He described how Miyamoto always has multiple, simultaneous projects in a prototype stage and that only when Miyamoto is satisfied that all the necessary elements are perfect will he allow a project to progress to the next stage.  The prototype stage may take as long as two years and sometimes, when it isn’t showing progress, it is suspended and restarted later.  Although Iwata tried to make this sound like a repeatable recipe for success, his talk was intertwined with comments about how Miyamoto is a genius and sees fantastic new gameplay opportunities in every aspect of life.  What happens if I implement the process without a genius?  Do I still end up with Super Mario Sunshine?

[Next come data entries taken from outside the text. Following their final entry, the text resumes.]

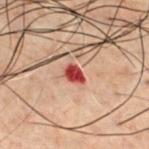Case summary:
- biopsy status · total-body-photography surveillance lesion; no biopsy
- anatomic site · the chest
- patient · male, aged approximately 60
- image source · ~15 mm tile from a whole-body skin photo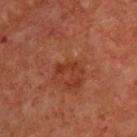The lesion was photographed on a routine skin check and not biopsied; there is no pathology result. This is a cross-polarized tile. A male subject, about 65 years old. About 3 mm across. A close-up tile cropped from a whole-body skin photograph, about 15 mm across. On the front of the torso.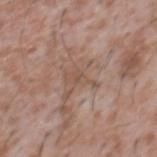Case summary:
* follow-up · catalogued during a skin exam; not biopsied
* diameter · ≈3.5 mm
* image · total-body-photography crop, ~15 mm field of view
* tile lighting · white-light illumination
* patient · male, aged 43–47
* site · the chest
* TBP lesion metrics · a mean CIELAB color near L≈52 a*≈18 b*≈27, a lesion–skin lightness drop of about 7, and a lesion-to-skin contrast of about 5 (normalized; higher = more distinct); a color-variation rating of about 1/10 and a peripheral color-asymmetry measure near 0.5; an automated nevus-likeness rating near 0 out of 100 and a lesion-detection confidence of about 80/100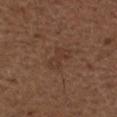biopsy status: catalogued during a skin exam; not biopsied
automated lesion analysis: a footprint of about 5 mm² and two-axis asymmetry of about 0.35; border irregularity of about 4.5 on a 0–10 scale and radial color variation of about 1.5; lesion-presence confidence of about 100/100
patient: male, aged 48–52
lighting: white-light illumination
location: the left upper arm
image: ~15 mm crop, total-body skin-cancer survey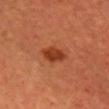  biopsy_status: not biopsied; imaged during a skin examination
  image:
    source: total-body photography crop
    field_of_view_mm: 15
  lighting: cross-polarized
  patient:
    sex: female
    age_approx: 45
  site: front of the torso
  lesion_size:
    long_diameter_mm_approx: 3.5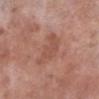biopsy_status: not biopsied; imaged during a skin examination
patient:
  sex: male
  age_approx: 75
image:
  source: total-body photography crop
  field_of_view_mm: 15
automated_metrics:
  area_mm2_approx: 9.0
  eccentricity: 0.85
  shape_asymmetry: 0.4
  color_variation_0_10: 1.5
  peripheral_color_asymmetry: 0.5
lighting: white-light
lesion_size:
  long_diameter_mm_approx: 5.0
site: leg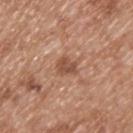notes: no biopsy performed (imaged during a skin exam)
lesion size: ≈2.5 mm
image-analysis metrics: an outline eccentricity of about 0.55 (0 = round, 1 = elongated) and a symmetry-axis asymmetry near 0.25; about 10 CIELAB-L* units darker than the surrounding skin
imaging modality: 15 mm crop, total-body photography
body site: the back
patient: male, approximately 65 years of age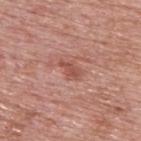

Media Molecule: ‘Winging It’ – Ups, Downs, Mistakes, Successes in the Making of LittleBigPlanetAlex Evans, Mark Healey

I consider this talk by Alex Evans and Mark Healey to be a perfect reflection of the team at Media Molecule and the development process for LittleBigPlanet.  The talk was completely unstructured and Alex and Mark admitted they hadn’t really prepared for it.  Additionally, Alex doesn’t like PowerPoint so the talk was delivered on a collaborative presentation application that he wrote on the plane.  Despite the two presenters frequently talking over each other and moving randomly from topic to topic, they had a certain chemistry and the talk never got boring.  My takeaway from this talk is that all the principles at Media Molecule are multitalented geniuses.  Everyone has an equal voice in design and they all seem to have some background in coding and some talent in art.  As far as I can tell everything they touch turns to gold.

Stop Wasting My Time and Your Money: Why Your Game Doesn’t Need a Story to be a HitMargaret Robertson

Margaret Robertson returned this year after her much-praised talk in 2008 Treat Me Like a Lover.  Her focus this year was game stories, specifically the wasted time and money involved in pursuing them.  In theory her talk was about how difficult and expensive adding story to a game is and how games don’t need stories to be good, so why bother.  That isn’t really the message that came through in the content of her talk, however.  She did the obligatory highlighting of bad stories in games, but she spent most of her time praising the really subtle and clever ways in which really great stories have been told in games.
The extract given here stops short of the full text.